Governor heads to Florida, Hoffman at cannabis conference, Governor’s Council
— After a stop in Washington to receive an award from the American Medical Association, Gov. Charlie Baker and his family head to Florida for a vacation, with plans to return to Massachusetts on Monday.
— Public Health Council meets to discuss preliminary regulations and see presentations on quality initiatives in nursing homes and the registry of vital records and statistics, 250 Washington St., 2nd Floor, Henry I. Bowditch Public Health Council Room, Boston, 9 a.m.
— Cannabis Control Commission chairman Steven Hoffman opens the second day of the National Cannabis Industry Association’s third annual ‘Seed to Sale Show’ with a discussion with NCIA Executive Director Aaron Smith, Hynes Convention Center, 900 Boylston St., Boston, 10 a.m.
— Massachusetts School Building Authority Board meets with an agenda that includes votes on project funding agreement authorizations for Cambridge, Danvers, Lynn, Nashoba Valley Tech, New Bedford, Newton, Norfolk, Springfield, and West Bridgewater, with Treasurer Deb Goldberg chairing the meeting, 40 Broad St. – 2nd floor, Boston, 10 a.m.
— The Special Commission to Study the Health and Safety of LGBTQI Prisoners will meet to discuss site visits, defining cultural competence, subcommittees and the scope of work of the commission, 50 Maple St., Milford, 10 a.m.
— U.S. Sen. Ed Markey is a guest on ‘Boston Public Radio,’ WGBH-FM 89.7, 11 a.m.

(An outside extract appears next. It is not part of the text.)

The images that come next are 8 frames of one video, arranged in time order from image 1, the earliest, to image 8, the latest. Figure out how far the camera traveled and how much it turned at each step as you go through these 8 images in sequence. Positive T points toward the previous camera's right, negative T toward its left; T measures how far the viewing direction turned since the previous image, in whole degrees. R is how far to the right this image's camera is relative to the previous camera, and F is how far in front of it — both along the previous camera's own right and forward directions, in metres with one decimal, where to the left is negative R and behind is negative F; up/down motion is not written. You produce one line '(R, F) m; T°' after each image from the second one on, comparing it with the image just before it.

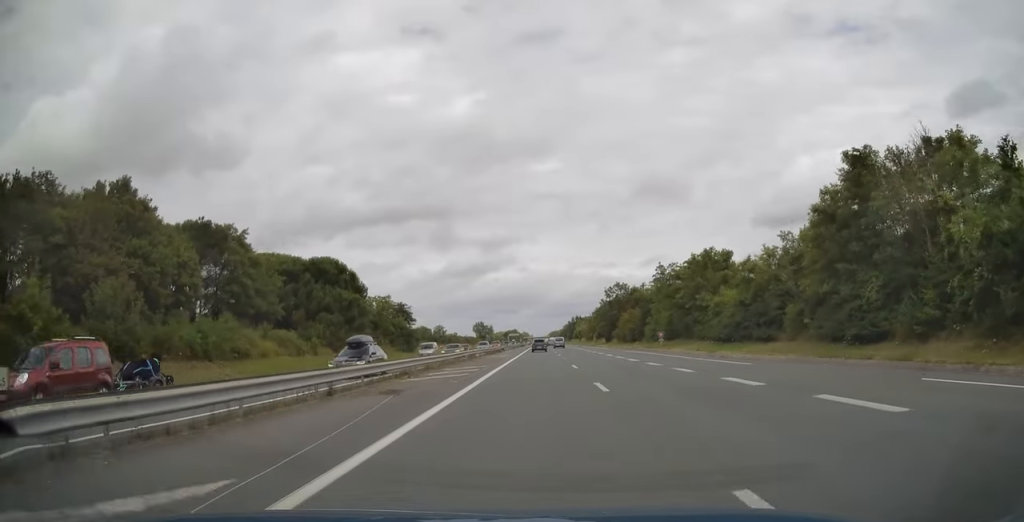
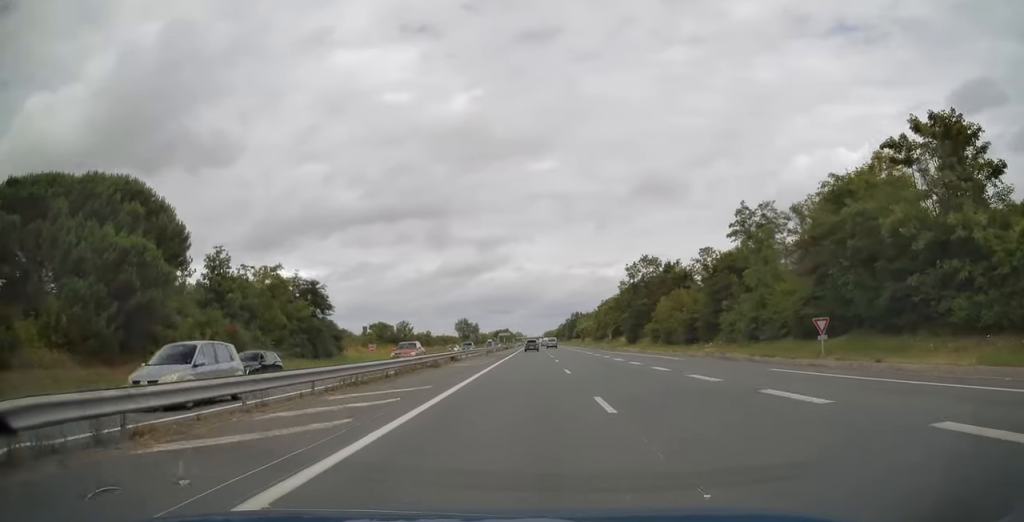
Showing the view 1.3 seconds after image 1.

— Governor’s Council holds a hearing on the governor’s nomination of attorney Adam Baler as clerk magistrate of the Plymouth District Court, and the council later holds a meeting, with Lt. Gov. Karyn Polito chairing, with a vote possible on the nomination of Michael Doherty as clerk magistrate of the Western Division Housing Court, Council chamber, with hearings starting at 10:30 a.m. and 12 p.m., respectively.
— Lawmakers will gather to raise awareness for cardiovascular disease, as part of the American Heart Association’s Go Red for Women campaign, with remarks from Senate President Karen Spilka, House Speaker Robert DeLeo, Sen. Cindy Friedman and Rep. Elizabeth Malia, Grand Staircase, 11 a.m.
— The Health Policy Commission meets to discuss its 2018 cost trends report, including policy recommendations to address health care spending drivers, 50 Milk St., Boston, 12 p.m.
— MassINC holds a discussion on the role of local accountability in the next chapter of education reform, with Education Commissioner Jeff Riley delivering remarks and MassINC research director Ben Forman presenting findings, Room 428, 1 p.m.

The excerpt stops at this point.